# Color Discrimination/ MOS Smartbook



## JPLEBLANC (Jan 4, 2016)

I recently went to MEPS and completed my physical. I failed the PIP and Falant color test but was able to pass the red/green discrimination test. There are many MOS's that only require you to distinguish between red and green but my recruiter claims that because I failed the PIP test horribly the red/green test doesn't count, I believe this to be a lie. She gave me a list of jobs
13B
31E
88M
According to the the most recent MOS Smartbook I could find, updated 8/10/2008, all of the jobs she said I could do require red/green discrimination, which the recruiter claims I can't do. I think that the job I'm looking for, 11X, is not available right now and she wants me to sign up this week. 

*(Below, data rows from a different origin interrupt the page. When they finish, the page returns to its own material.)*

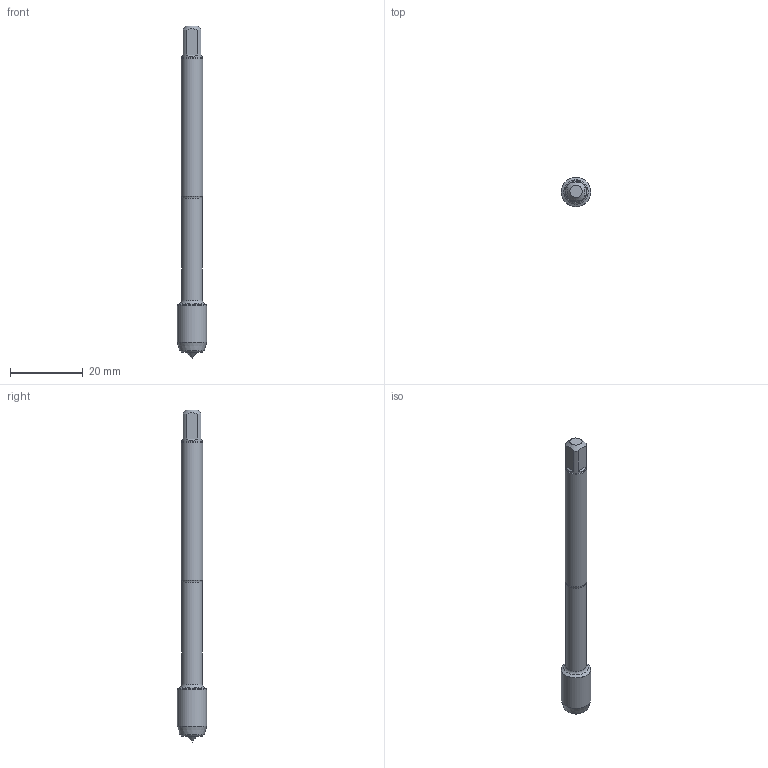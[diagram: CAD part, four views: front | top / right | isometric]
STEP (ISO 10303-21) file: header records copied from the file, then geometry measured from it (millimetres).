
FILE_DESCRIPTION(/* description */ (''),/* implementation_level */ '2;1');
FILE_NAME(/* name */ 'TOOL.STP',/* time_stamp */ '2022-12-04T04:52:45+01:00',/* author */ (''),/* organization */ ('SMS'),/* preprocessor_version */ 'ST-DEVELOPER v16.7',/* originating_system */ 'SIEMENS PLM Software NX 12.0',/* authorisation */ '');
FILE_SCHEMA (('AUTOMOTIVE_DESIGN { 1 0 10303 214 3 1 1 1 }'));
Length unit declared in the file: millimetre
Products named in the file (1): Tool
Bounding box: 8.12 x 8.12 x 91.55 mm (x, y, z)
Volume: 2699 mm3; surface area: 1904.7 mm2
Topology: 2 solids, 2 shells, 25 faces, 57 edges, 39 vertices
Faces by surface type: plane 12, cone 6, cylinder 5, torus 2
Full cylindrical faces by diameter (mm): 5.7 x1, 5.76 x1, 6 x1, 8.117 x2
Entity records: 707 total; most frequent: CARTESIAN_POINT 143, DIRECTION 114, ORIENTED_EDGE 76, AXIS2_PLACEMENT_3D 51, EDGE_LOOP 38, EDGE_CURVE 38, VERTEX_POINT 31, FACE_BOUND 28
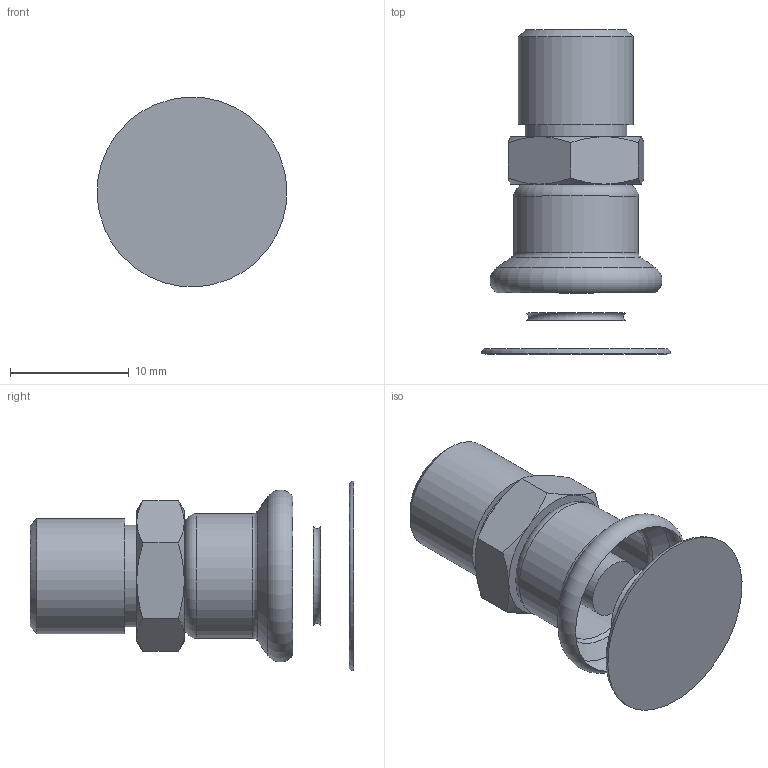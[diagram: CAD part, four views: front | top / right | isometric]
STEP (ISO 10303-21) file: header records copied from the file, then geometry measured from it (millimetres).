
FILE_DESCRIPTION(/* description */ (''),/* implementation_level */ '2;1');
FILE_NAME(/* name */ 'vf16-1nit_rac14r1-8m.stp',/* time_stamp */ '2021-09-16T09:35:37+02:00',/* author */ ('enginyeria'),/* organization */ (''),/* preprocessor_version */ 'ST-DEVELOPER v17.2',/* originating_system */ 'Autodesk Inventor 2019',/* authorisation */ '');
FILE_SCHEMA (('CONFIG_CONTROL_DESIGN'));
Length unit declared in the file: millimetre
Products named in the file (1): Pieza3
Bounding box: 15.98 x 27.3 x 15.98 mm (x, y, z)
Volume: 2326.8 mm3; surface area: 1748.4 mm2
Topology: 1 solids, 2 shells, 41 faces, 103 edges, 70 vertices
Faces by surface type: cone 17, plane 14, torus 5, cylinder 5
Full cylindrical faces by diameter (mm): 4 x1, 5 x1, 8.566 x1, 9.728 x1, 10.5 x1
Entity records: 1343 total; most frequent: CARTESIAN_POINT 263, DIRECTION 226, ORIENTED_EDGE 206, AXIS2_PLACEMENT_3D 105, EDGE_CURVE 103, VERTEX_POINT 70, CIRCLE 63, EDGE_LOOP 45
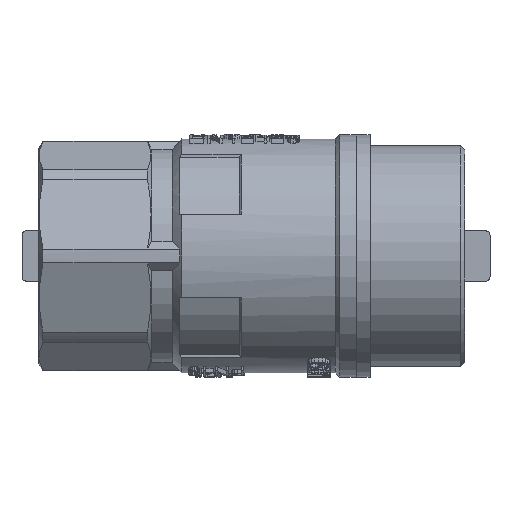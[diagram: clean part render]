
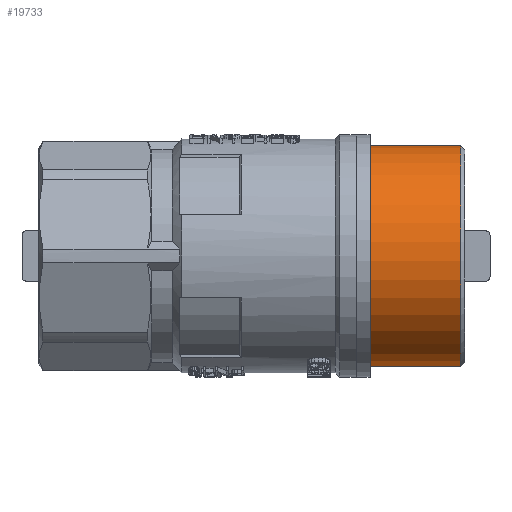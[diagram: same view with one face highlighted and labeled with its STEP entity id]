
A CAD part, front view. The second image highlights one B-rep face of the part: STEP entity #19733.
In plain terms, the highlighted cylindrical face has radius 13.22 mm (diameter 26.441 mm), a full revolution.
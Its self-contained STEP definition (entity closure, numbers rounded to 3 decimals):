
#1556=CYLINDRICAL_SURFACE('',#28244,13.221);
#5167=CIRCLE('',#28240,13.221);
#5170=CIRCLE('',#28245,13.221);
#5980=ORIENTED_EDGE('',*,*,#11983,.T.);
#5981=ORIENTED_EDGE('',*,*,#11980,.T.);
#11980=EDGE_CURVE('',#15024,#15024,#5167,.T.);
#11983=EDGE_CURVE('',#15027,#15027,#5170,.T.);
#15024=VERTEX_POINT('',#40866);
#15027=VERTEX_POINT('',#40874);
#17215=EDGE_LOOP('',(#5980));
#17216=EDGE_LOOP('',(#5981));
#18463=FACE_BOUND('',#17215,.T.);
#18464=FACE_BOUND('',#17216,.T.);
#19733=ADVANCED_FACE('',(#18463,#18464),#1556,.T.);
#28240=AXIS2_PLACEMENT_3D('',#40865,#31482,#31483);
#28244=AXIS2_PLACEMENT_3D('',#40872,#31490,#31491);
#28245=AXIS2_PLACEMENT_3D('',#40873,#31492,#31493);
#31482=DIRECTION('',(0.,0.,-1.));
#31483=DIRECTION('',(-0.924,-0.383,0.));
#31490=DIRECTION('',(0.,0.,-1.));
#31491=DIRECTION('',(-0.924,-0.383,0.));
#31492=DIRECTION('',(0.,0.,1.));
#31493=DIRECTION('',(0.924,0.383,0.));
#40865=CARTESIAN_POINT('',(3.5,0.,-4.86));
#40866=CARTESIAN_POINT('',(-8.714,-5.059,-4.86));
#40872=CARTESIAN_POINT('',(3.5,0.,-7.03));
#40873=CARTESIAN_POINT('',(3.5,0.,-15.7));
#40874=CARTESIAN_POINT('',(15.714,5.059,-15.7));

Can anyone give me any insight on this?

Does anyone have the most updated version of the MOS Smartbook they could email me?


----------



## DA SWO (Jan 4, 2016)

I'd pass on those jobs.
Go see a Guard Recruiter if you have to.


----------



## Devildoc (Jan 4, 2016)

I do not know Army standards and MOS's.  I will say in the Navy I failed the shit out of the Ishihara (i.e., PIP) and was marginal on the FALANT, and I still had a butt-load of options.  Agree with DA SOWT; seek other recruiters.


----------



## Diamondback 2/2 (Jan 4, 2016)

Yeah all those jobs suck, if you want to be an 11 series, just hold out , go to another recruiter, or simply tell her to call you when 11x opens up. I wouldn't rush a damn thing, especially knowing you are going to be locked in for 3-4 years.


----------



## AWP (Jan 5, 2016)

That recruiter is looking to jumpstart her quarterly goals or benchmarks. Find one who isn't pressuring you.

Get an MOS in writing.


----------